Thousands of emergency food relief hampers are now being packed and delivered every day in New South Wales, with a leading charity saying demand has surged by more than 200 per cent during the Greater Sydney lockdown.

Foodbank says it has helped provide more than 10,000 emergency relief hampers for people in areas across Greater Sydney, the Blue Mountains, the Central Coast, and Wollongong since the lockdown was announced on 26 June – an increase of 210 per cent.

Between 2,500 and 3,500 hampers are being packed each day.

“We have seen a massive increase in demand for food relief,” Foodbank NSW CEO John Robertson told SBS News.

“For tens of thousands of people in NSW right now the brutal reality of having no money to buy basics to feed themselves or their families is devastating.” 

The relief hampers are also being sent to people in need in Canberra and remote areas in NSW with Indigenous communities.  

“Greater Sydney may be in lockdown but the impacts are felt state-wide,” Mr Robertson said.

“When the first round of lockdowns occurred last year we also saw food insecurity, but the spike is more noticeable this time – and with non-essential retail and construction closed we expect demand to rise further later in the week.

Foodbank is supporting more than 170,000 people this month in partnership with more than 1,000 charities and schools, Mr Robertson said.

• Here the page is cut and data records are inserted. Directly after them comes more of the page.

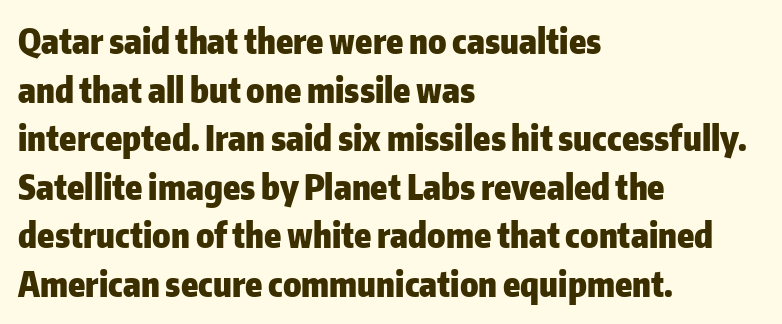
{"serif": "no", "italic": "no", "bold": "yes", "weight": "heavy", "width": "normal", "stroke_contrast": "low", "x_height": "medium", "monospaced": "no", "underline": "no", "align": "left", "line_spacing": "normal", "line_spacing_ratio": 1.43, "letter_spacing": "normal", "letter_spacing_em": 0.0, "glyph_px": 34}
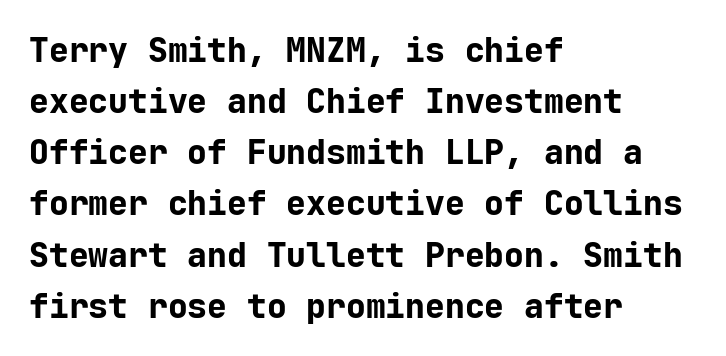
{"serif": "no", "italic": "no", "bold": "yes", "weight": "bold", "width": "normal", "stroke_contrast": "low", "x_height": "medium", "monospaced": "yes", "underline": "no", "align": "left", "line_spacing": "normal", "line_spacing_ratio": 1.55, "letter_spacing": "normal", "letter_spacing_em": 0.0, "glyph_px": 33}
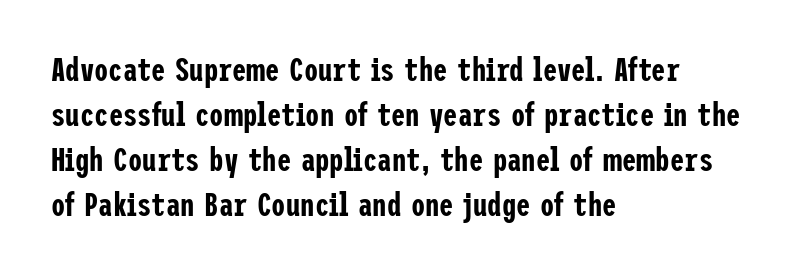
The image shows 32 px condensed sans-serif type, upright; set left-aligned, normal line spacing (1.41x), normal letter spacing, not underlined; low stroke contrast and a medium x-height.
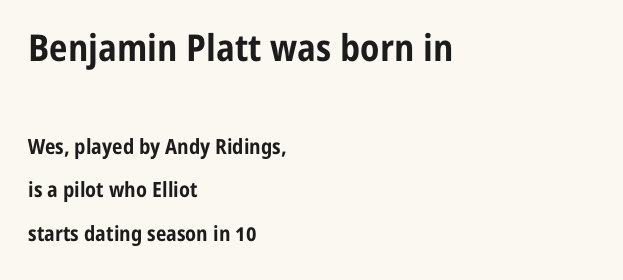
Q: Is the text bold? A: Yes.
Q: Is the text italic (slanted)? A: No, it is upright.
Q: Is the typeface a serif or a sans-serif typeface? A: Sans-serif.
Q: Is the text underlined? A: No.
Q: How is the paragraph aligned? A: Left-aligned.
Q: Is the spacing between letters normal or unusually wide? A: Normal.
Q: Is the spacing between lines tight, normal or loose? A: Loose.
Q: Which block of text is set in a larger size, the first (top) or the second (bottom)? A: The first (top) one.
Q: Width (condensed, normal, or wide)? A: Condensed.
Q: Stroke contrast? A: Low.
Q: x-height? A: Medium.
Q: Monospaced? A: No.
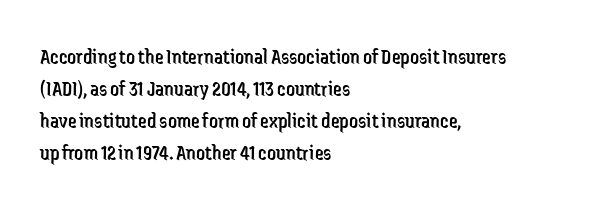
This sample uses an upright cut, with every glyph sitting square on the baseline. Check the space under the baseline: it is left empty. These lines are set flush left with a ragged right edge. Weight: not bold — regular or lighter.
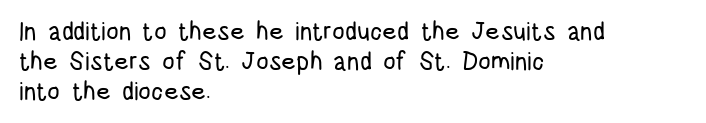
Q: Is the text italic (slanted)? A: No, it is upright.
Q: Is the text underlined? A: No.
Q: How is the paragraph aligned? A: Left-aligned.
Q: Is the spacing between letters normal or unusually wide? A: Normal.
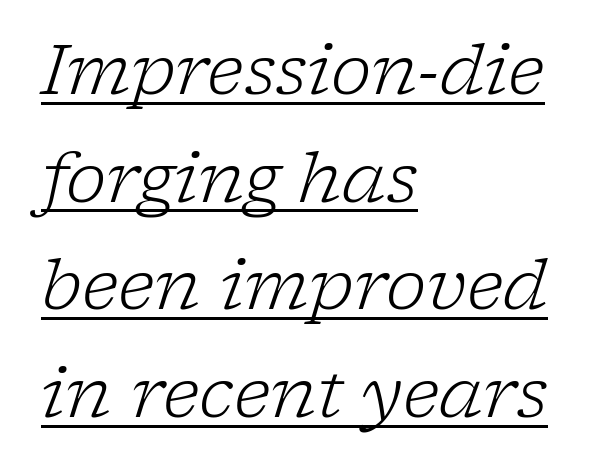
Q: Is the text bold? A: No.
Q: Is the text italic (slanted)? A: Yes, it leans right by about 17 degrees.
Q: Is the typeface a serif or a sans-serif typeface? A: Serif.
Q: Is the text underlined? A: Yes.
Q: How is the paragraph aligned? A: Left-aligned.
Q: Is the spacing between letters normal or unusually wide? A: Normal.
Q: Is the spacing between lines tight, normal or loose? A: Normal.
Q: Width (condensed, normal, or wide)? A: Normal.
Q: Stroke contrast? A: Low.
Q: x-height? A: Medium.
Q: Monospaced? A: No.
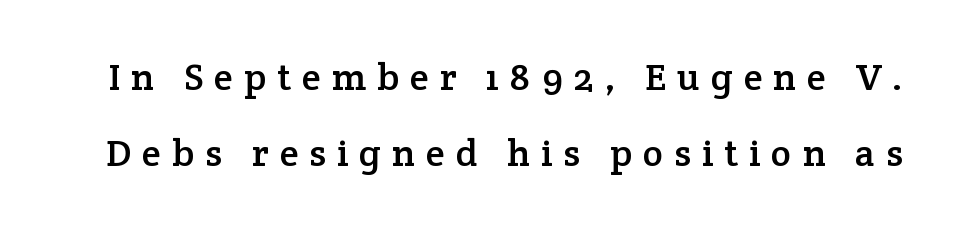
The image shows 38 px serif type, upright; set loose line spacing (2.0x), unusually wide letter spacing (+0.29 em), not underlined; low stroke contrast and a medium x-height.
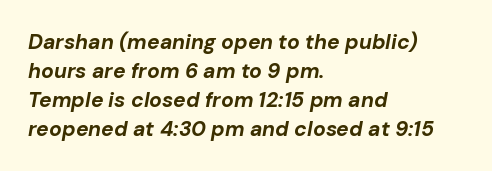
The image shows 21 px bold type, italic (leaning right); set left-aligned, normal line spacing (1.38x), normal letter spacing, not underlined.
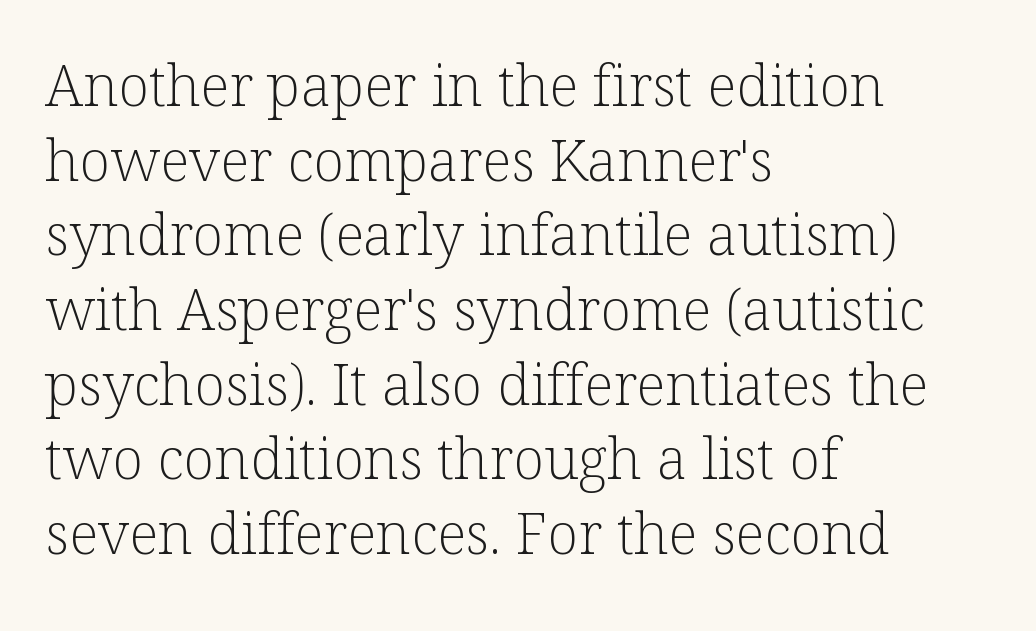
Q: Is the text bold? A: No.
Q: Is the text italic (slanted)? A: No, it is upright.
Q: Is the typeface a serif or a sans-serif typeface? A: Serif.
Q: Is the text underlined? A: No.
Q: How is the paragraph aligned? A: Left-aligned.
Q: Is the spacing between letters normal or unusually wide? A: Normal.
Q: Is the spacing between lines tight, normal or loose? A: Normal.
Q: Width (condensed, normal, or wide)? A: Normal.
Q: Stroke contrast? A: Low.
Q: x-height? A: Medium.
Q: Monospaced? A: No.
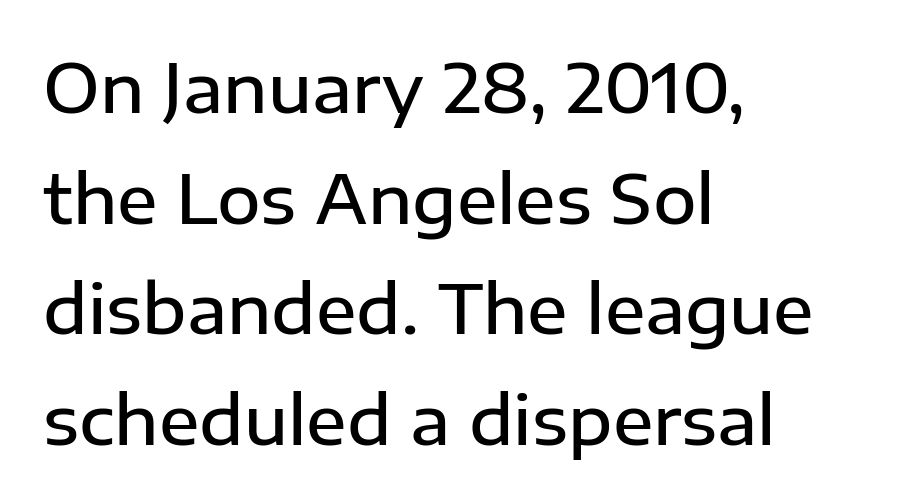
Q: Is the text bold? A: Semi-bold.
Q: Is the text italic (slanted)? A: No, it is upright.
Q: Is the typeface a serif or a sans-serif typeface? A: Sans-serif.
Q: Is the text underlined? A: No.
Q: How is the paragraph aligned? A: Left-aligned.
Q: Is the spacing between letters normal or unusually wide? A: Normal.
Q: Is the spacing between lines tight, normal or loose? A: Normal.
Q: Width (condensed, normal, or wide)? A: Normal.
Q: Stroke contrast? A: Low.
Q: x-height? A: Medium.
Q: Monospaced? A: No.
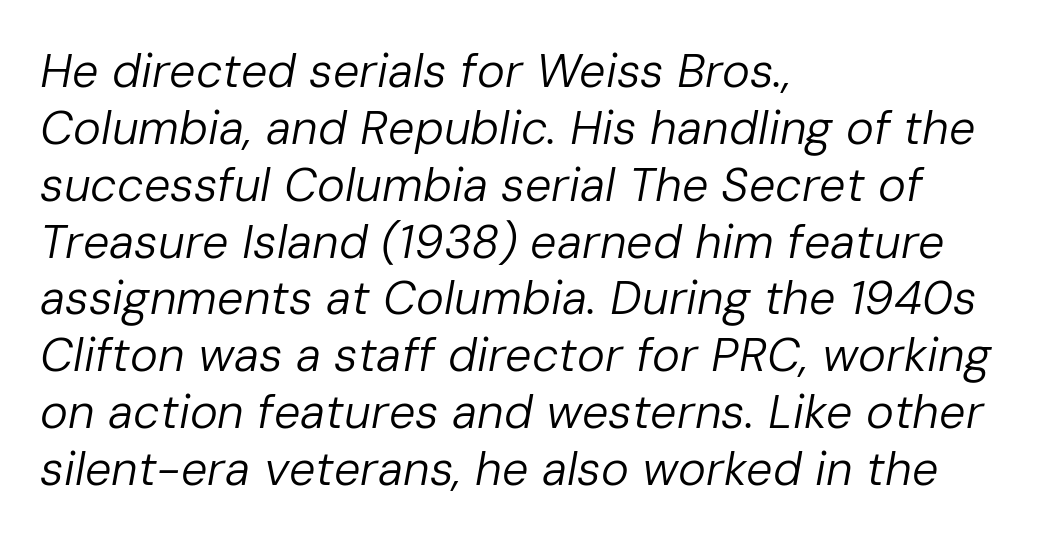
The image shows 47 px regular-weight type, italic (leaning right); set left-aligned, line spacing 1.21x, normal letter spacing, not underlined; low stroke contrast and a medium x-height.
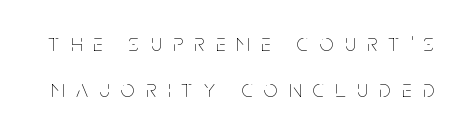
Do the letters lean? They stand straight. Clear beneath every line of the passage. Letter spacing: wide. Reading down the column, the eye jumps a long way to each next line.
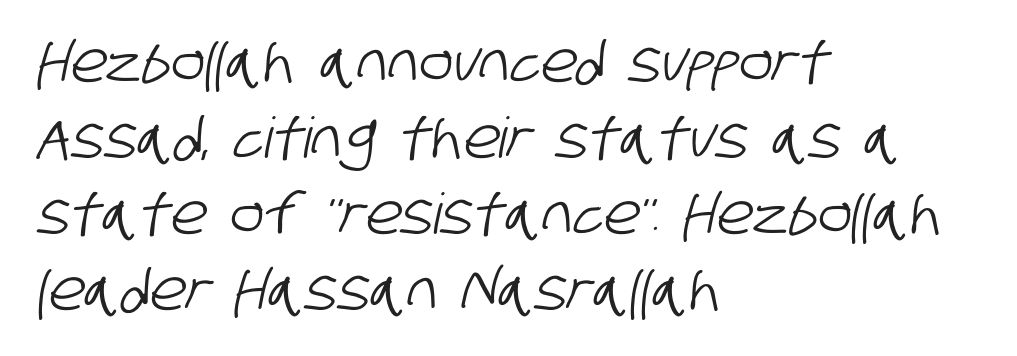
{"serif": "no", "width": "condensed", "stroke_contrast": "low", "x_height": "large", "monospaced": "no", "underline": "no", "align": "left", "line_spacing": "normal", "line_spacing_ratio": 1.36, "letter_spacing": "normal", "letter_spacing_em": 0.0, "glyph_px": 56}
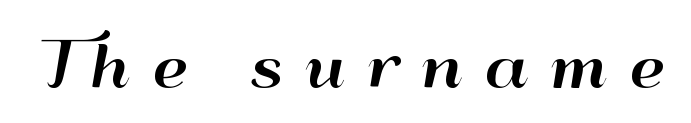
The letters carry no serifs — their stems end cleanly without finishing strokes. No word sits above an underline. Short note: letters widely spaced. Note the varied advance widths — an 'i' is clearly narrower than an 'm'.
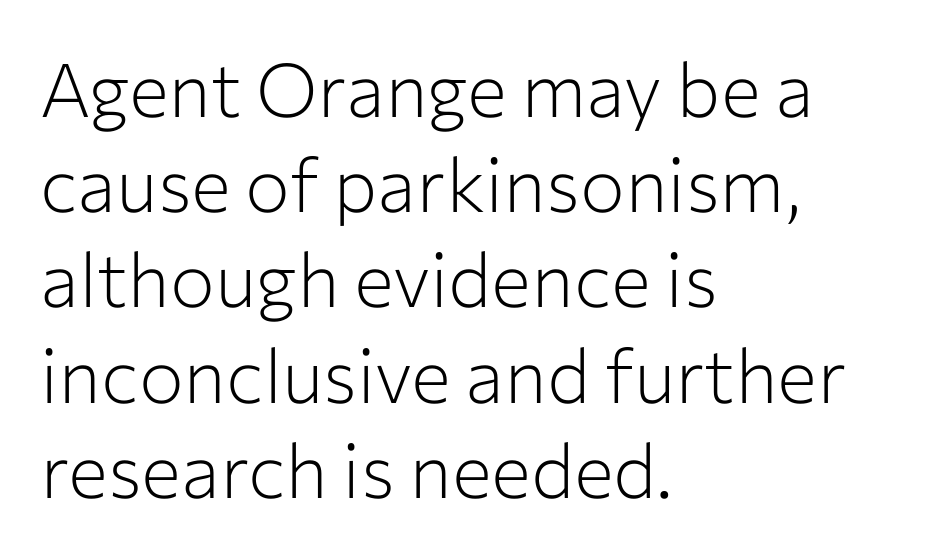
The image shows 75 px light sans-serif type, upright; set left-aligned, normal line spacing (1.27x), normal letter spacing, not underlined; low stroke contrast and a medium x-height.
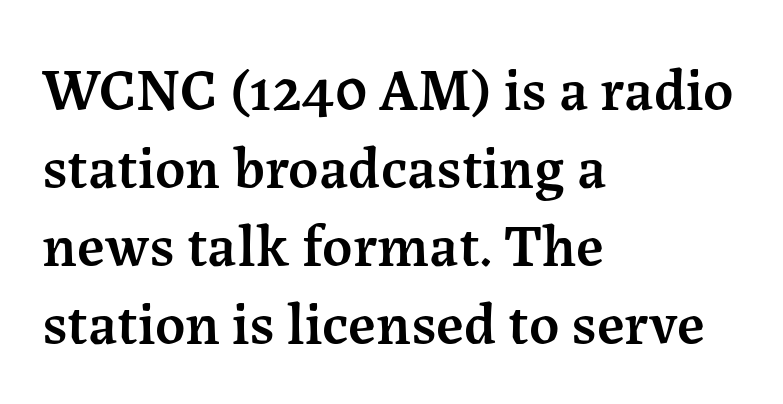
The image shows 59 px semibold serif type, upright; set left-aligned, normal line spacing (1.32x), normal letter spacing, not underlined; medium stroke contrast and a medium x-height.

“We are struggling to keep the supply going out to families, and Foodbank is buying most of the goods, including rice, crackers, tinned meat and vegetables, as donations cannot keep up.”

‘Significant crisis’

Neha, an international student who recently became unemployed, is among those currently surviving on Foodbank hampers. 

“I lost my job twice due to lockdown and have been out of work since 29 June,” she said.

“My parents live in India and we used all our savings in the last 10 months.”

Australia is one of the world’s most food-secure countries, producing far more food than the population can eat and exporting around 70 per cent of agricultural production.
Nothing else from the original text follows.